Hi, on the top of NonStop OS I am not able to run the gradle. I am getting the following error. What should be done to get it fixed. --------------- /home/rajga/build/Nov_30_2011/hibernate/gradle-1.0-milestone-3/bin: sh gradle gradle[113]: ulimit: not found Could not query businessSystem maximum file descriptor limit:
FAILURE: Build failed with an exception.
What went wrong: Could not locate JNA native lib resource ‘/com/sun/jna/nonstop_kernel-IA64N/libjnidispatch.so’.
Try: Run with --stacktrace option to get the stack trace. Run with --info or --debug option to get more log output. -------------------
Thank you Peter Niederwieser ! if you mention less common OSes, can I know the list(of OS) which are supported in the latest milestone? If we can build LIBJNIDISPATCH.SO for our OS then how to build it?

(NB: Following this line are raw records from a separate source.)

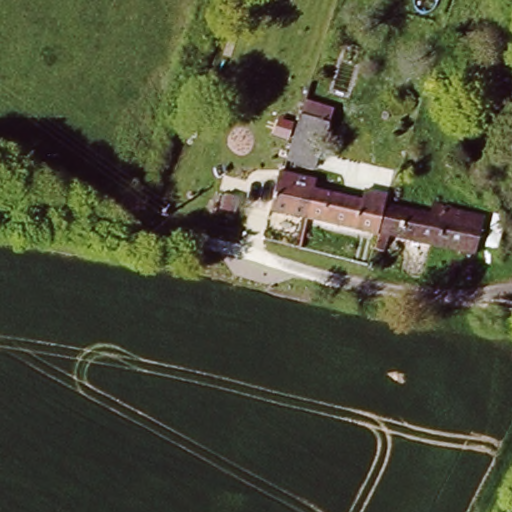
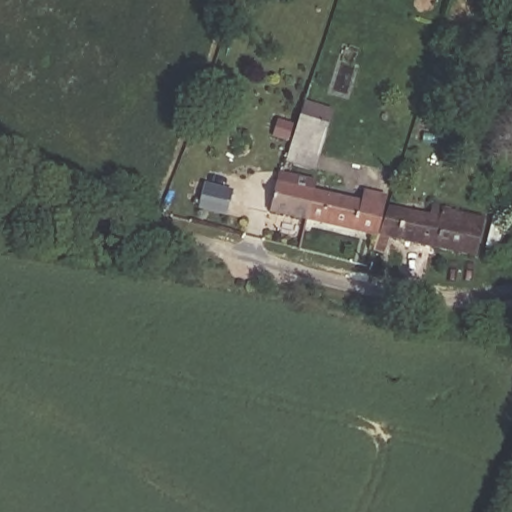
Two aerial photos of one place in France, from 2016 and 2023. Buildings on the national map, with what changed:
unchanged [(306,107),(339,118),(325,161),(291,153),(306,107)]
unchanged [(208,187),(227,190),(223,210),(204,206),(208,187)]
unchanged [(274,199),(287,202),(290,187),(313,194),(308,226),(270,217),(274,199)]
unchanged [(313,194),(382,204),(375,236),(308,226),(313,194)]
unchanged [(382,204),(436,212),(432,244),(375,236),(382,204)]
unchanged [(436,212),(478,220),(470,250),(432,244),(436,212)]

The OSes that we regularly test against are Windows, Mac OS, and Linux, though Gradle is also known to work on other OSes like Solaris. Recent milestones also support OSes where JNA isn’t available, although some features may not work as expected then.
HOW CAN I GET LIBJNIDISPATCH.SO FOR NONSTOP OS?
I think you’d have to ask the JNA project (GitHub - java-native-access/jna: Java Native Access) to add support for your OS. Or maybe you could build JNA yourself. Anyway, our goal is to degrade gracefully if JNA isn’t available. Try the latest snapshot and tells us how it goes.
We’ve seen the same error with milestone-6 running on Windows 2008 Server R2 with MKS Toolkit 9.4. Sounds like the presence of MKS Toolkit makes Gradle think it’s running on a unix box (which it’s not).
Has this behaviour been changed in later (post m6) releases?
You should be able to influence which OS Java/Gradle detects by setting the ‘os.name’, ‘os.version’, and ‘os.arch’ system properties. One my Windows virtual machine, their values are ‘Windows 7’, ‘6.1’, and ‘amd64’, respectively.
@Rob, do you have the output from when you run Gradle? Can you include a stack trace for the failure by running with the --stacktrace command-line option.
Our build team found the problem. One of our .ksh scripts was calling gradle.exe when it should have called gradle.bat. Fixing that solved the problem. Thanks for the quick response.
Minor correction. Our .ksh scripts weren’t calling gradle.exe. The issue was that typing gradle into a ksh window will execute the linux version of gradle. We should have been typing gradle.bat.